# Evaluation Prep

In an AI competition, participants submit their predictions on the test data, which are automatically evaluated. This notebook summarizes the steps that are required for making all the files used in the evaluation process. 

In [10]:
import os
import numpy as np
import random
import pandas as pd
import cv2

We make 3 different files:
* **answer.csv** - A csv file containing the building location mask for each image in the test dataset. The csv file has 4 columns:
    * 'img_id' - Name of the test image.
    * 'class' - Type of feature for which we find masks. In this case, the only class is 'building'.
    * 'prediction' - The location of the pixels corresponding the the given feature. The mask is in RLE format.
    * 'public' - Boolean value indicating whether the image is part of the public test set or private (hidden) test set.
* **sample_submission.csv** - An example csv file that shows how prediction files should be formatted.
    * It has all the same columns as the *answer.csv* file besides the 'public' column.
    * The rows are in the same order as in the *answer.csv* file.
* **evaluate.py** - Python script that takes the *answer.csv* file and prediction files rom participants and calculates the final score.

## answer.csv

#### RLE
We begin by loading the recordings.

In [5]:
testmask_path = '/workspace/Competition/map_segmentation/data/final/test/masks'
test_masks = os.listdir(testmask_path)

In [7]:
test_masks[0:10]

['ODJ0HKc0Vq.png',
 '6q78aBibSV.png',
 'iTrNBWkgm5.png',
 'eDizgkIT6N.png',
 'OKql19s74U.png',
 'slinDR5sma.png',
 '6n4FRv5pBF.png',
 'gdAZaWX3Mx.png',
 'RRo2o91Cyt.png',
 'aZVQc39P2l.png']

In [9]:
# Function to convert mask to RLE
def mask_to_coordinates(mask):
    flatten_mask = mask.flatten()
    if flatten_mask.max() == 0:
        return f'0 {len(flatten_mask)}'
    idx = np.where(flatten_mask!=0)[0]
    steps = idx[1:]-idx[:-1]
    new_coord = []
    step_idx = np.where(np.array(steps)!=1)[0]
    start = np.append(idx[0], idx[step_idx+1])
    end = np.append(idx[step_idx], idx[-1])
    length = end - start + 1
    for i in range(len(start)):
        new_coord.append(start[i])
        new_coord.append(length[i])
    new_coord_str = ' '.join(map(str, new_coord))
    return new_coord_str

We use the function above to convert our png image mask to a string containing RLE coordinates.

In [11]:
recid = []
rles = []

for imask in test_masks:
    maskpath = os.path.join(testmask_path, imask)
    mask = cv2.imread(maskpath, cv2.IMREAD_GRAYSCALE)
    rle = mask_to_coordinates(mask)
    recid.append(imask)
    rles.append(rle)

#### Public vs. Private

We now randomly select files to be either part of the public (30%) test set or private (70%) test set. 

In [12]:
isPublic = []
for i in range(len(recid)):
    samp = np.random.uniform(0,1)
    if samp < 0.3:
        isPublic.append(True)
    else:
        isPublic.append(False)

#### Classes

In [13]:
classes = list(np.repeat('building',len(recid)))
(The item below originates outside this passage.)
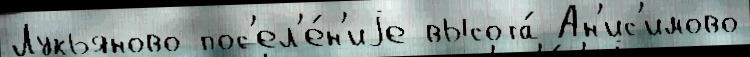
Лукьяново пос'ел'е́н'иjе высота́ Ан'ис'имово
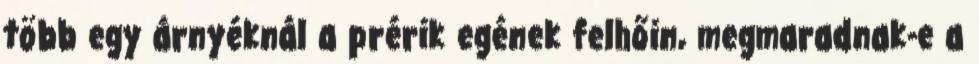
több egy árnyéknál a prérik egének felhőin, megmaradnak-e a

#### Combine lists to dataframe

In [14]:
answerdf = pd.DataFrame({'img_id':recid, 'class': classes, 'prediction':rles, 'public':isPublic})

In [15]:
answerdf.to_csv('answer.csv',index=False)

## sample_submission.csv

Making the sample_submission file is much simpler now that we already have the answer csv. We give a random mask as the predictions.

In [16]:
samples = []
for i in range(len(recid)):
    samples.append('1 1 3 1 6 3 13 7 23 1 27 2')

In [17]:
ssdf = pd.DataFrame({'img_id':recid, 'class':classes, 'prediction':samples})

In [18]:
ssdf.to_csv('sample_submission.csv', index=False)

## evaluate.py
This file is used to calculate the score of the participant predictions. In the case of this specific task, the performance metric is the mIoU.
* Calculates mIoU based on predictions.
* Both the public and private scores are calculated.